A Simple First Four Weeks
Here's a gentle starting structure. Aim for three sessions a week with a rest day in between, and always begin with a brisk five-minute walk to warm up and finish with an easy walk to cool down. Repeat each block for about 20–30 minutes total, and only move on when the current week feels comfortable — there's no prize for rushing.
- Week 1: Run 1 minute, walk 2 minutes. Repeat.
- Week 2: Run 2 minutes, walk 2 minutes. Repeat.
- Week 3: Run 3 minutes, walk 1–2 minutes. Repeat.
- Week 4: Run 5 minutes, walk 1–2 minutes. Repeat.
- Stay on any week for longer if you need to — progress is personal, not a calendar.
Good Form and Easy Cues
You don't need perfect technique to start, but a few cues make running feel smoother and kinder on your body. Stand tall, look ahead rather than down at your feet, and let your shoulders stay relaxed and away from your ears. Keep your arms bent at roughly a right angle, swinging gently from the shoulder.
Try to land with your feet under your body rather than reaching out in front, and take quick, light, shorter steps instead of long bounding ones. If you notice tension creeping in, shake out your hands and drop your shoulders. These small adjustments may help running feel more natural over time.
Recovery, Niggles and Listening to Your Body
Rest days are when your body actually adapts and gets stronger, so don't skip them — running every single day as a beginner is a fast route to burnout or injury. Some muscle soreness in the day or two after a run is normal, especially early on, and tends to ease as you get used to it.

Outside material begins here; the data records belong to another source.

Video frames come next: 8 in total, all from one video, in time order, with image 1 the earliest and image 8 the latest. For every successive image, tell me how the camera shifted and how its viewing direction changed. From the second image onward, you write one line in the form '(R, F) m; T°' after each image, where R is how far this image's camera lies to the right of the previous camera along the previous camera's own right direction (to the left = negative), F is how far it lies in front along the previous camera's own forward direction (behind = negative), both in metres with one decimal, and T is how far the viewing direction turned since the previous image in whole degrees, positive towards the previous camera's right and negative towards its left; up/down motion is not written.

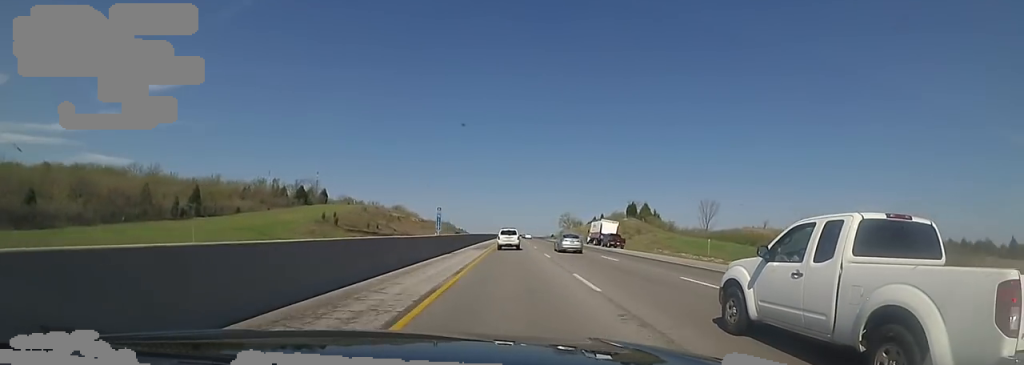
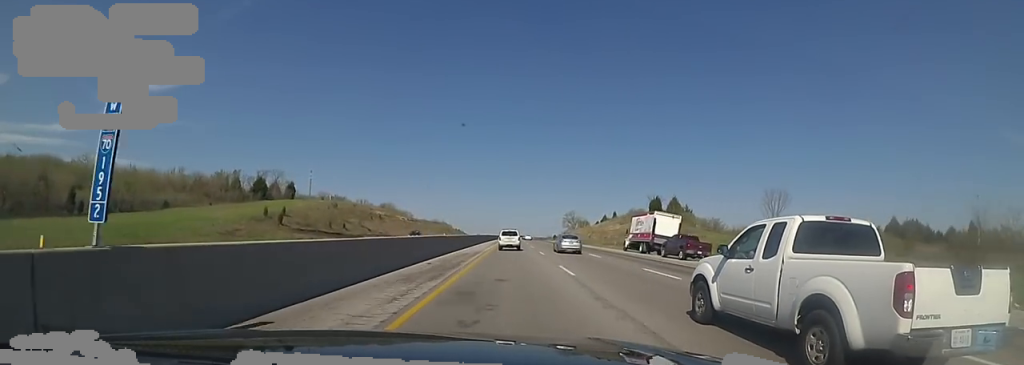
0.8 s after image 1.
(0.0, +26.2) m; 0°
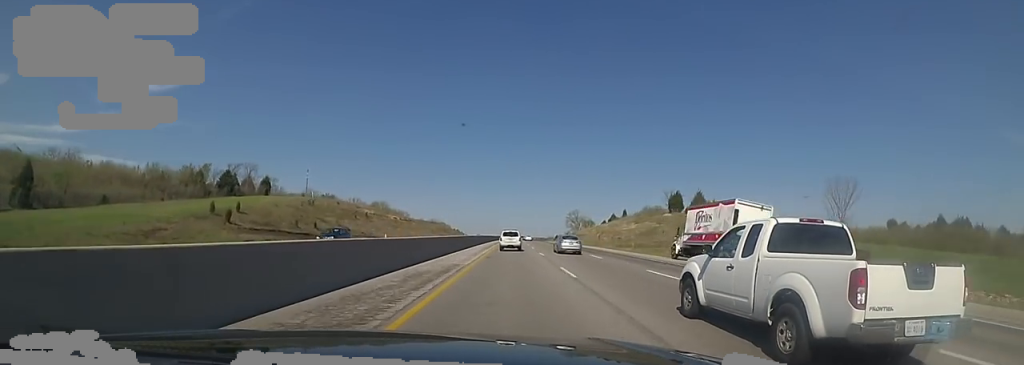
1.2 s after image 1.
(0.0, +15.9) m; 0°
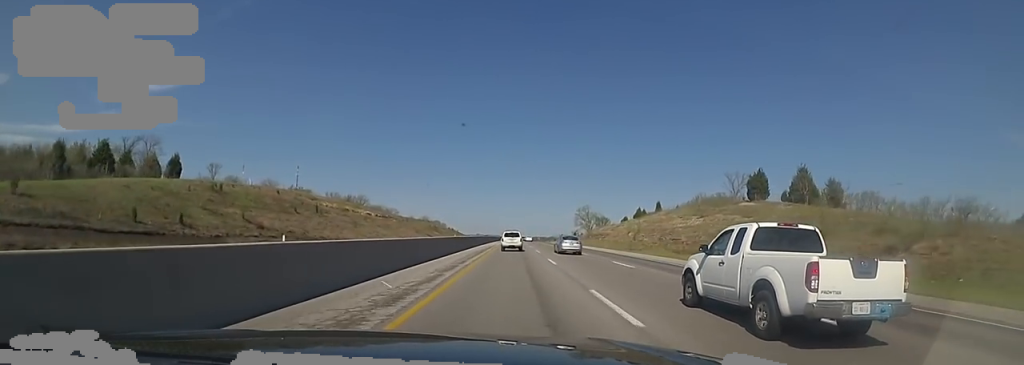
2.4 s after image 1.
(0.0, +38.8) m; 0°
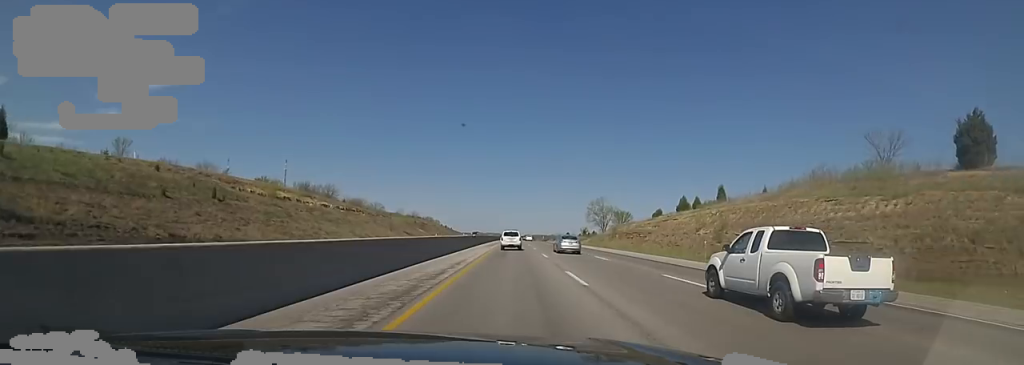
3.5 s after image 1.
(0.0, +39.7) m; 0°
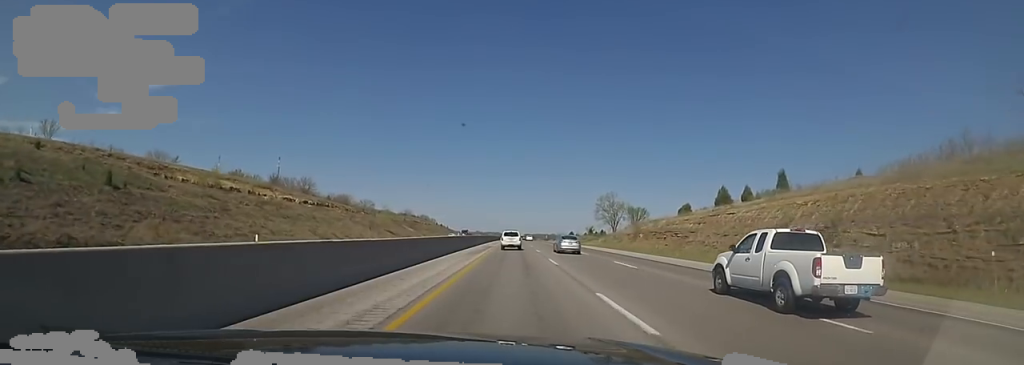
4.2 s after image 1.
(0.0, +21.6) m; 0°
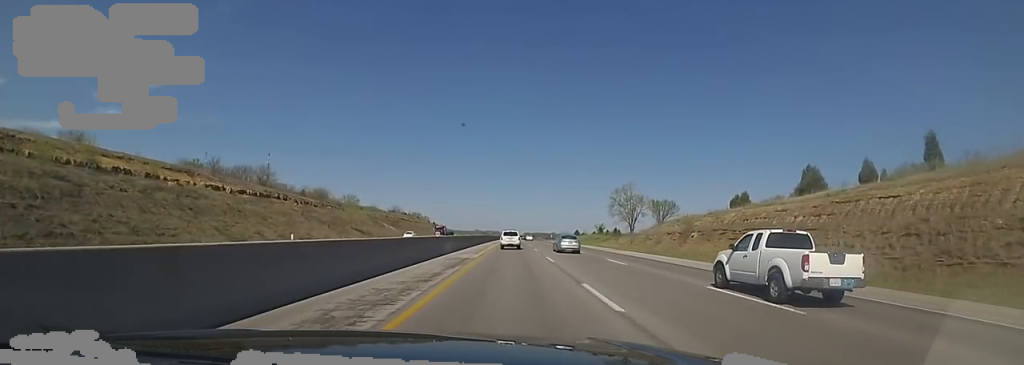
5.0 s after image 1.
(0.0, +28.5) m; 0°
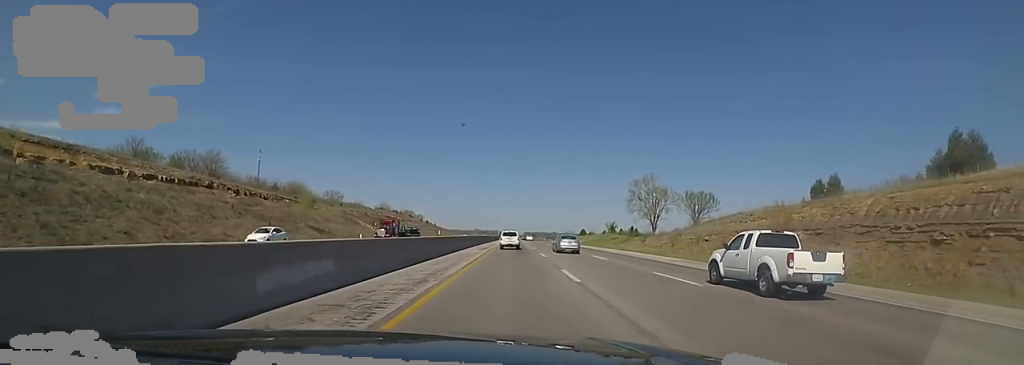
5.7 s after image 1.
(0.0, +25.3) m; 0°

Sharp pain, swelling, or an ache that gets worse as you run is different — that's your cue to stop and rest, and to see a physiotherapist or GP if it lingers. Learning the difference between normal effort and a genuine warning sign is one of the most useful running skills you'll develop.
Keep It Going
Consistency beats intensity every time. The goal in your first few months isn't speed or distance — it's simply showing up regularly until running becomes a habit you don't have to negotiate with yourself about. Lay your kit out the night before, pick a route you enjoy, and consider a running app or a friend to keep you accountable.
Be patient on the tougher days; not every run feels great, and that's completely normal. When you get home, give yourself a few quiet minutes to stretch and wind down — some people like to cool off to calming sound and scenery before getting on with their day. Above all, celebrate finishing. You're a runner the moment you start.
Start slower than feels necessary, run a little, walk a little, and let the habit build itself — your future running self will thank you.
Listen to your body, rest when it asks, and seek professional advice for any pain, injury or medical concern.